(Excerpts from a dataset)
==========

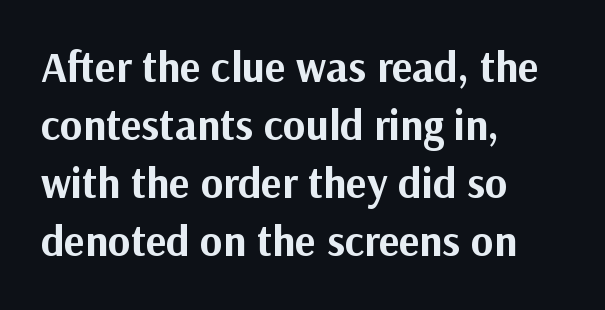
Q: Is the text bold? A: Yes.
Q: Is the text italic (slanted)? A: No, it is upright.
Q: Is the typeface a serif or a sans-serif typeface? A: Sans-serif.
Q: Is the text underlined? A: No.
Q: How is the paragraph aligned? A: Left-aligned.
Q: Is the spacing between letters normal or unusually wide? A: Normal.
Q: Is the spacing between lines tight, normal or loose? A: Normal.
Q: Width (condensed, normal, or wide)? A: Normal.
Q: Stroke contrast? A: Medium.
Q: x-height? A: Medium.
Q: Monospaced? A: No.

==========

■ PROBLEM DESCRIPTION
Your answer must be the lines from the one containing "Q: Is the spacing between lines" through the last line of the entries, copied exactly, with no other lines.

■ SOLUTION TO THIS PROBLEM
Q: Is the spacing between lines tight, normal or loose? A: Normal.
Q: Width (condensed, normal, or wide)? A: Normal.
Q: Stroke contrast? A: Medium.
Q: x-height? A: Medium.
Q: Monospaced? A: No.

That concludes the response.